The underlying argument, that domestic surveillance operations are not necessarily as constrained by law as their defendants tend to claim, is one that Burnham returned to in a 1983 cover story, “Tales of a Computer State,” about the role of private corporations in domestic snooping. As the Snowden revelations have confirmed, companies are apparently powerless to resist government requests for access to their data:
The decision of the Census Bureau during World War II to give the Army demographic data that pinpointed the residences of Japanese-Americans in California—despite a law prohibiting such sharing of information—is instructive. How much pressure would the chairman of the board and the chief executive officer of TRW [a credit agency with a large computerized store of information on individuals] have to bring on the vice president in charge of the company’s information division to persuade him to give the C.I.A. access to credit reports stored in the division’s computers?
To the notion that “it can’t happen here,” as in the title of Sinclair Lewis’s 1935 novel, Burnham would might justifiably reply: Why not? It has before.
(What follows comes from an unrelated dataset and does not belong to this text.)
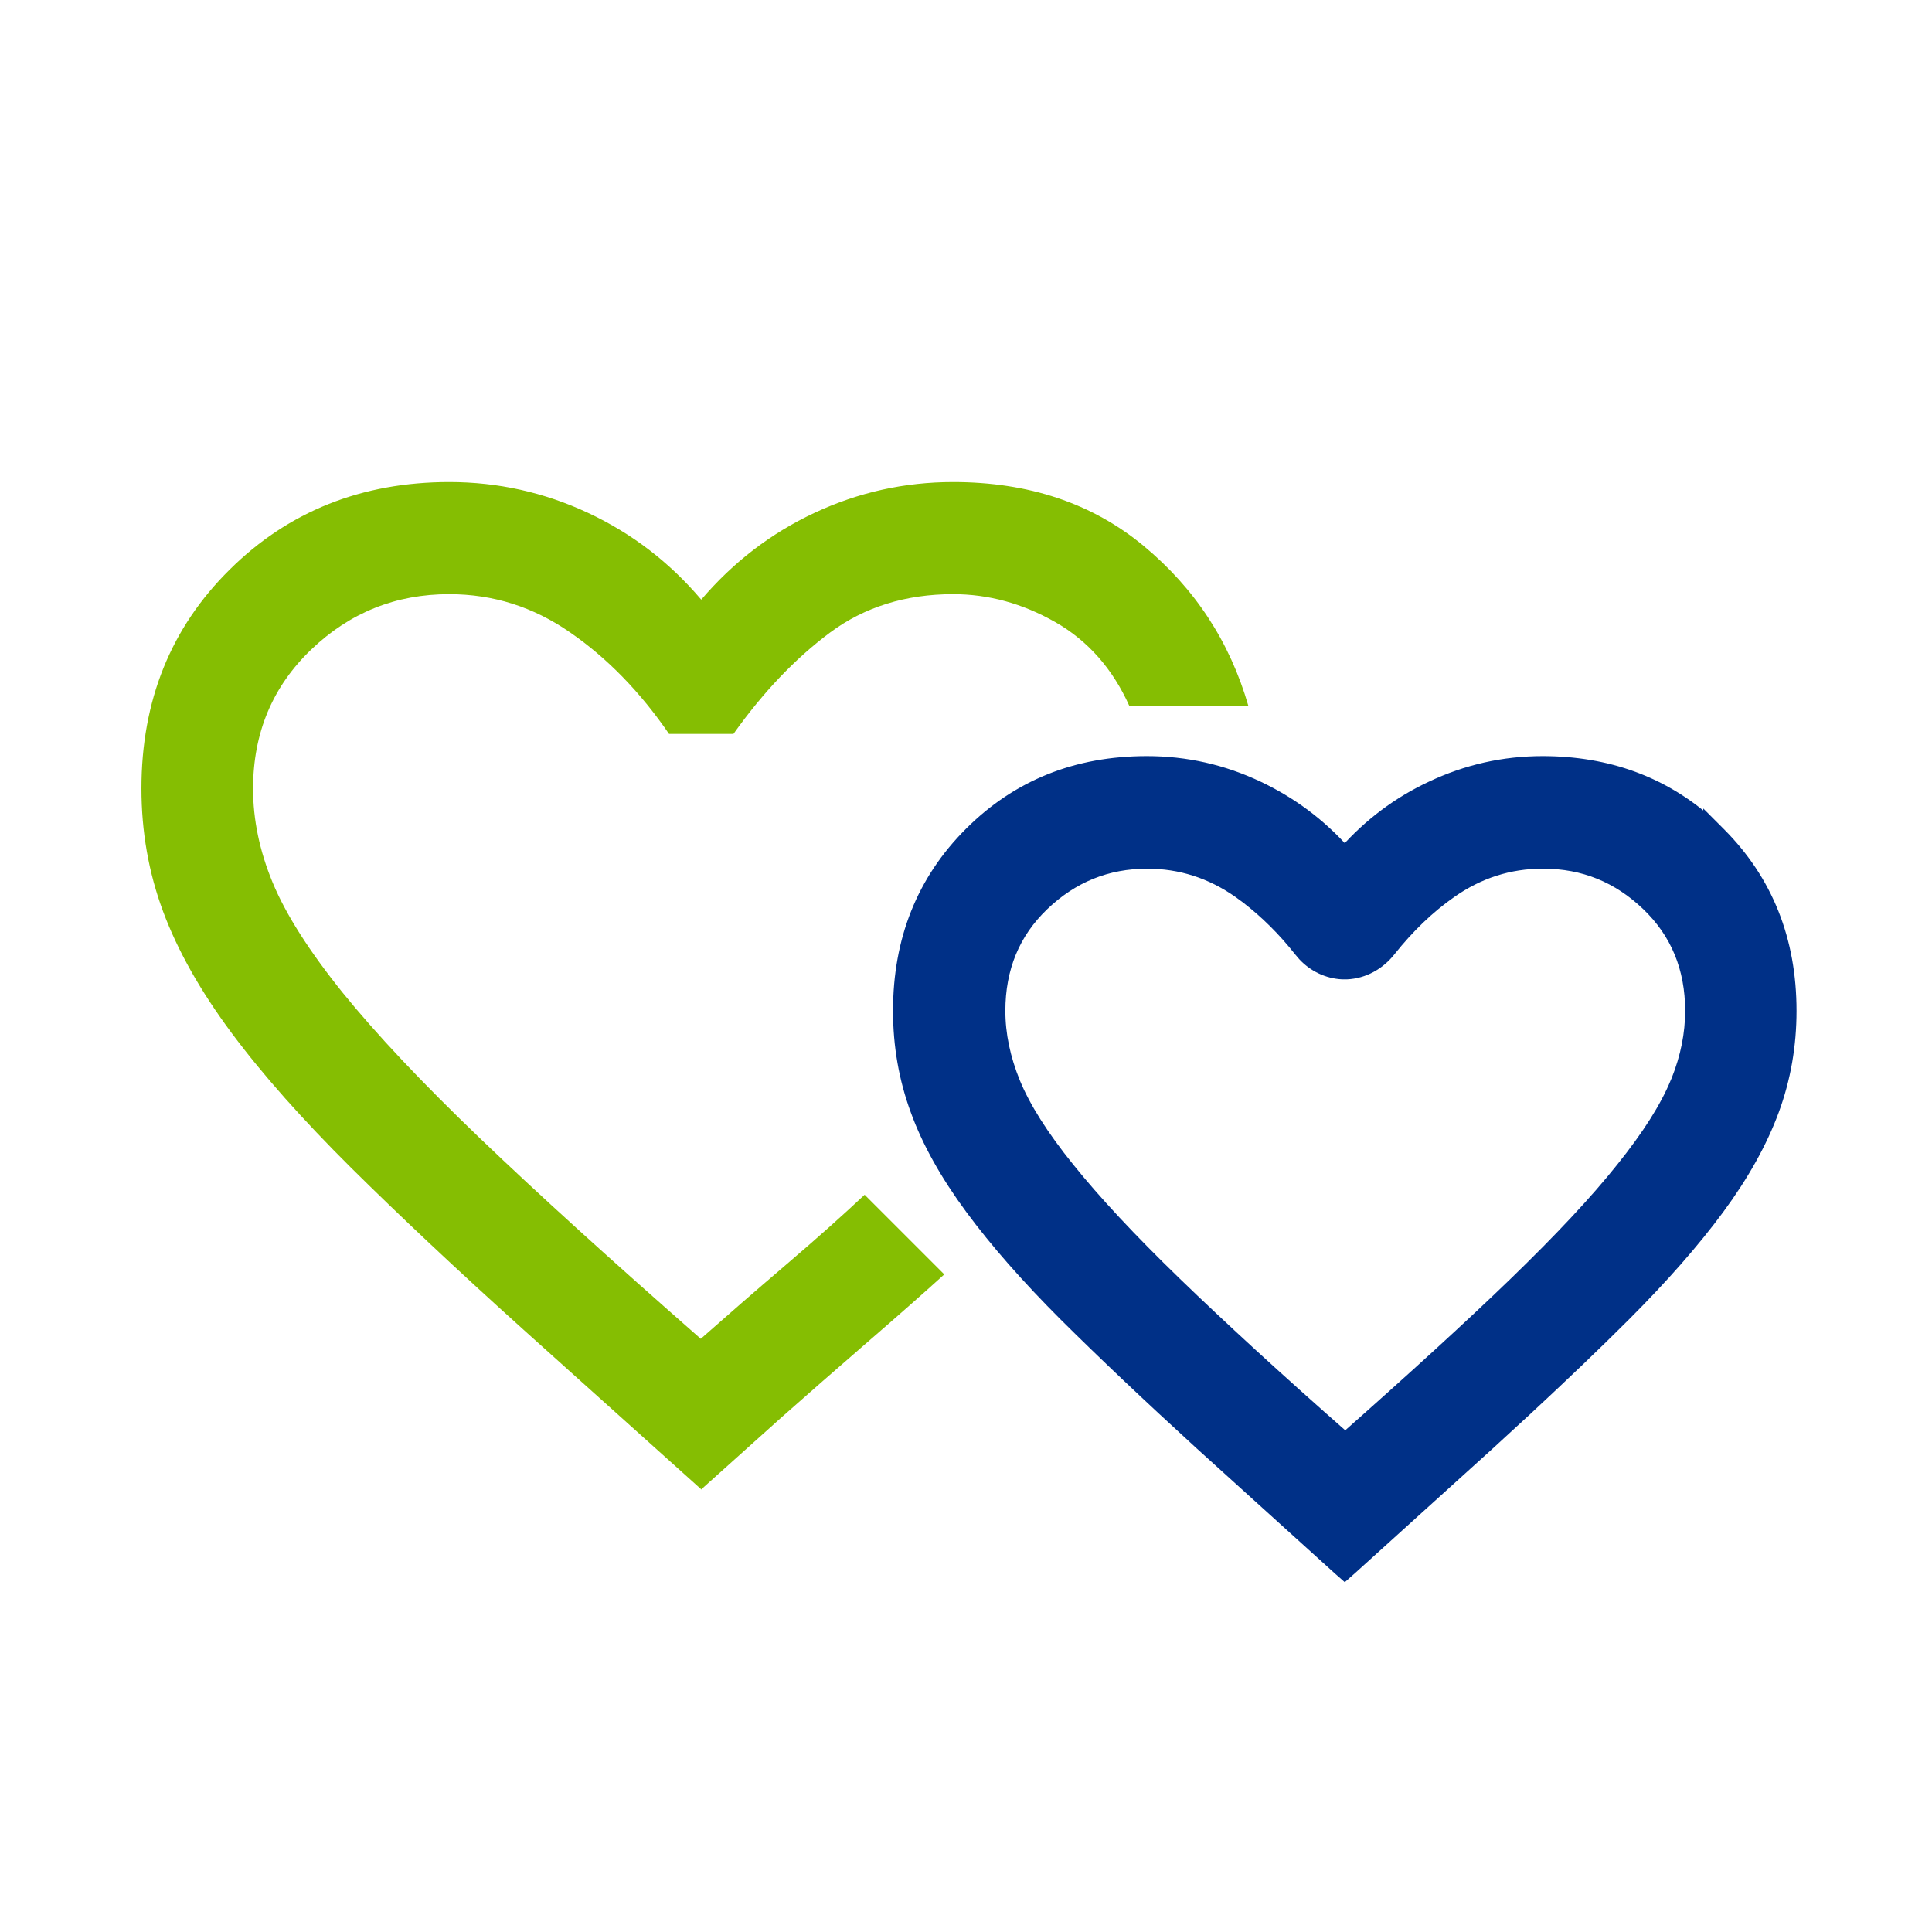 <svg xmlns="http://www.w3.org/2000/svg" id="Layer_1" data-name="Layer 1" viewBox="0 0 81 81"><defs><style>      .cls-1 {        fill: #003087;        stroke: #003087;        stroke-width: .5px;      }      .cls-2 {        fill: #84bd00;      }      .cls-3 {        opacity: .99;      }    </style></defs><path class="cls-1" d="M64.67,31.95c2.74,0,5.08.86,6.99,2.57v-.02l.43.43c1.99,1.99,2.98,4.48,2.98,7.45,0,1.45-.24,2.84-.73,4.17-.49,1.33-1.25,2.7-2.29,4.11-1.04,1.41-2.35,2.9-3.94,4.49-1.19,1.19-2.56,2.5-4.1,3.93l-1.6,1.47-5.78,5.23-.08.07-.17.15-.17-.15-.08-.07h0l-5.78-5.23c-2.21-2.02-4.11-3.82-5.7-5.4-1.59-1.59-2.9-3.08-3.94-4.49h0c-1.04-1.41-1.81-2.78-2.29-4.11-.49-1.33-.73-2.72-.73-4.17,0-2.97.99-5.46,2.98-7.45,1.99-1.99,4.46-2.98,7.41-2.98,1.64,0,3.19.35,4.67,1.05,1.39.66,2.6,1.56,3.63,2.72,1.03-1.16,2.24-2.07,3.63-2.72,1.48-.7,3.03-1.05,4.67-1.05ZM64.67,36.17c-1.39,0-2.67.41-3.84,1.23-.93.65-1.78,1.47-2.56,2.45-.44.56-1.09.93-1.81.96h-.01s0,0-.01,0h-.06s-.02,0-.02,0c-.03,0-.05,0-.06,0-.02,0-.02,0-.02,0-.62-.03-1.2-.31-1.62-.76l-.17-.2c-.68-.86-1.42-1.59-2.21-2.2l-.34-.25c-1.17-.82-2.45-1.23-3.84-1.23-1.69,0-3.14.59-4.37,1.77h0c-1.22,1.17-1.83,2.65-1.83,4.44,0,.99.21,1.99.63,3.02.42,1.02,1.17,2.22,2.27,3.58,1.1,1.37,2.59,2.97,4.49,4.81,1.86,1.8,4.23,3.98,7.11,6.51,2.87-2.54,5.24-4.7,7.11-6.51,1.9-1.84,3.4-3.44,4.49-4.81,1.1-1.37,1.85-2.56,2.27-3.58l.04-.09h0c.4-1,.59-1.97.59-2.93,0-1.79-.61-3.27-1.83-4.44-1.23-1.18-2.68-1.77-4.37-1.77Z"></path><g class="cls-3"><path class="cls-2" d="M29.41,62.45l-7.45-6.69c-2.82-2.54-5.23-4.81-7.25-6.81-2.01-2-3.68-3.87-4.99-5.63-1.31-1.76-2.27-3.46-2.88-5.1-.61-1.64-.91-3.36-.91-5.16,0-3.68,1.23-6.74,3.7-9.18,2.46-2.44,5.54-3.67,9.21-3.67,2.03,0,3.97.43,5.81,1.29,1.84.86,3.42,2.07,4.75,3.64,1.33-1.56,2.91-2.78,4.75-3.64,1.84-.86,3.77-1.29,5.81-1.29,3.17,0,5.83.89,7.98,2.67,2.15,1.78,3.62,4.02,4.4,6.72h-4.99c-.7-1.56-1.74-2.74-3.11-3.52-1.37-.78-2.8-1.17-4.28-1.17-1.99,0-3.72.54-5.16,1.61-1.45,1.08-2.8,2.49-4.05,4.25h-2.7c-1.21-1.76-2.59-3.18-4.14-4.25-1.55-1.08-3.24-1.61-5.08-1.61-2.23,0-4.16.77-5.78,2.32s-2.44,3.49-2.44,5.84c0,1.29.27,2.6.82,3.93.55,1.33,1.53,2.87,2.93,4.61,1.41,1.74,3.32,3.77,5.75,6.1,2.43,2.33,5.52,5.13,9.27,8.42,1.02-.9,2.21-1.94,3.58-3.11,1.37-1.17,2.46-2.15,3.29-2.93l.53.53,1.14,1.14,1.14,1.14.53.53c-.86.78-1.96,1.75-3.29,2.9-1.33,1.15-2.5,2.18-3.52,3.08l-3.4,3.05Z"></path></g></svg>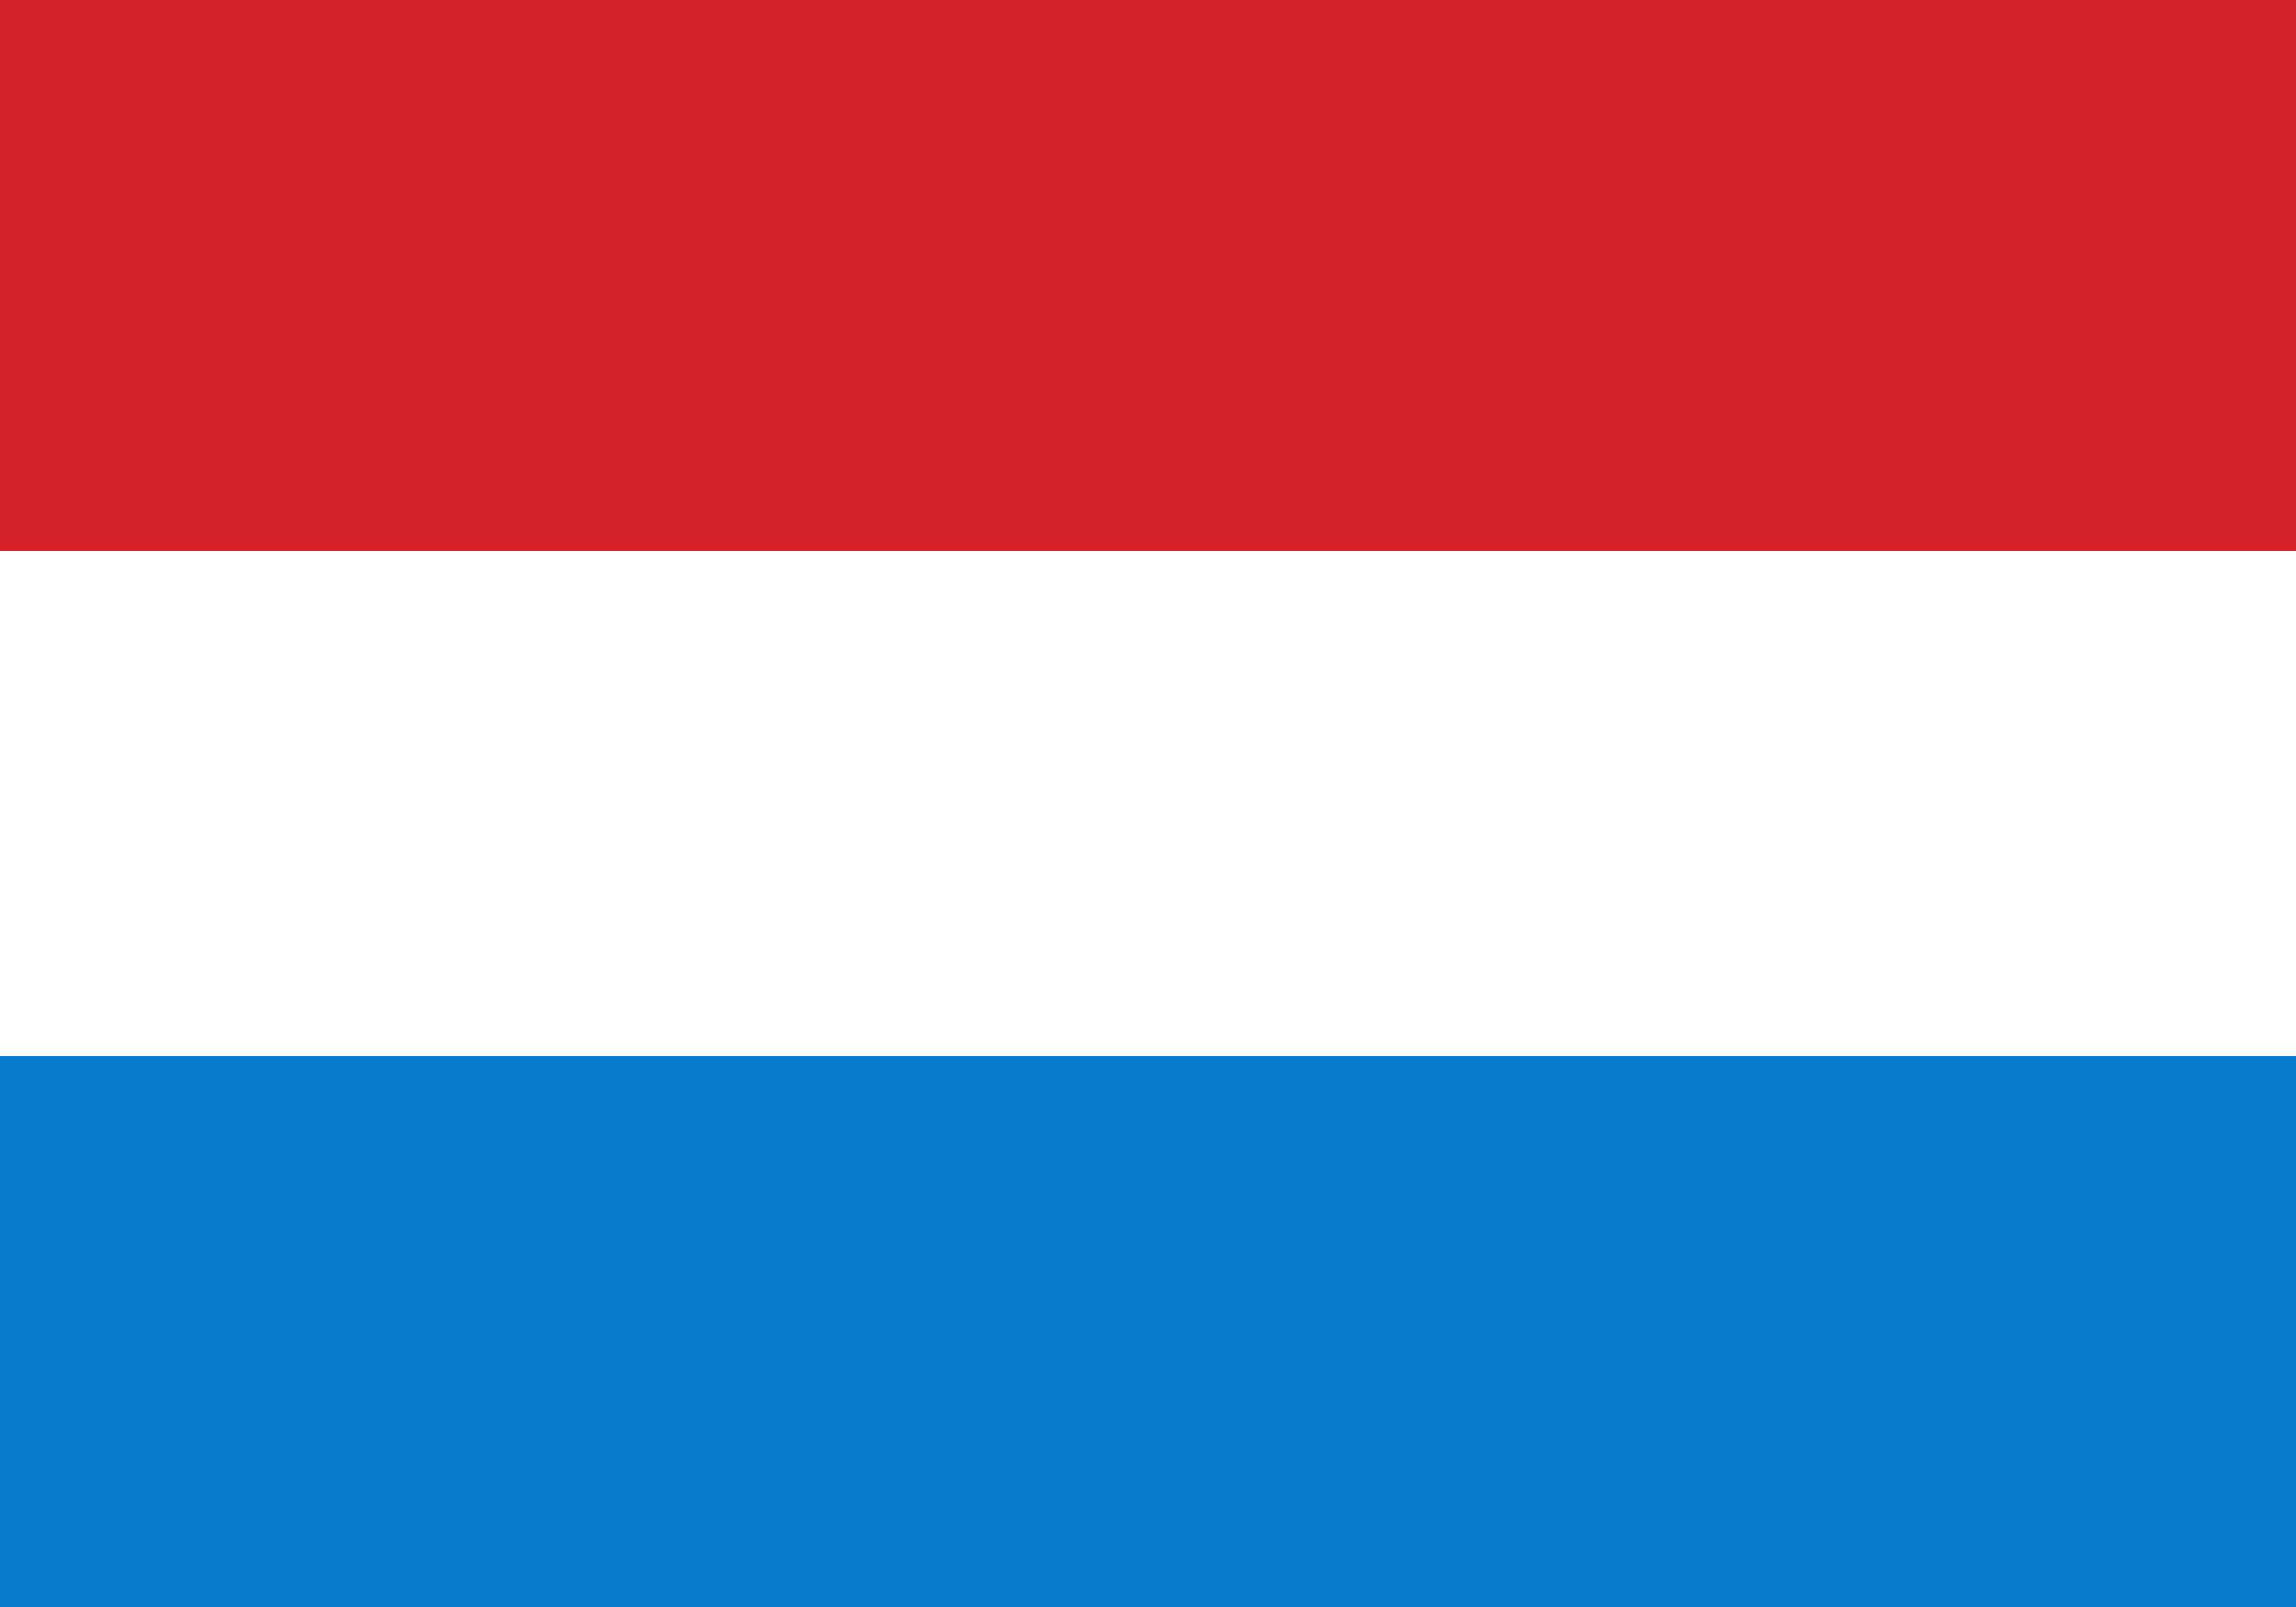 <svg xmlns="http://www.w3.org/2000/svg" width="40" height="28" viewBox="0 0 40 28">
    <rect width="40" height="28" fill="#fff"/>
    <rect width="40" height="9.6" fill="#d32127"/>
    <rect y="18.4" width="40" height="9.6" fill="#0a7acc"/>
</svg>

The question looms before us: Can the United States continue to flourish when the physical movements, the buying habits and the conversations of most citizens are under surveillance by private companies and government agencies? Sometimes the surveillance is undertaken for innocent purposes, sometimes it is not. Does not surveillance, even the innocent sort, gradually poison the soul of a nation? Does not surveillance limit personal options for many citizens? Does not surveillance increase the powers of those who are in a position to enjoy the fruits of that activity?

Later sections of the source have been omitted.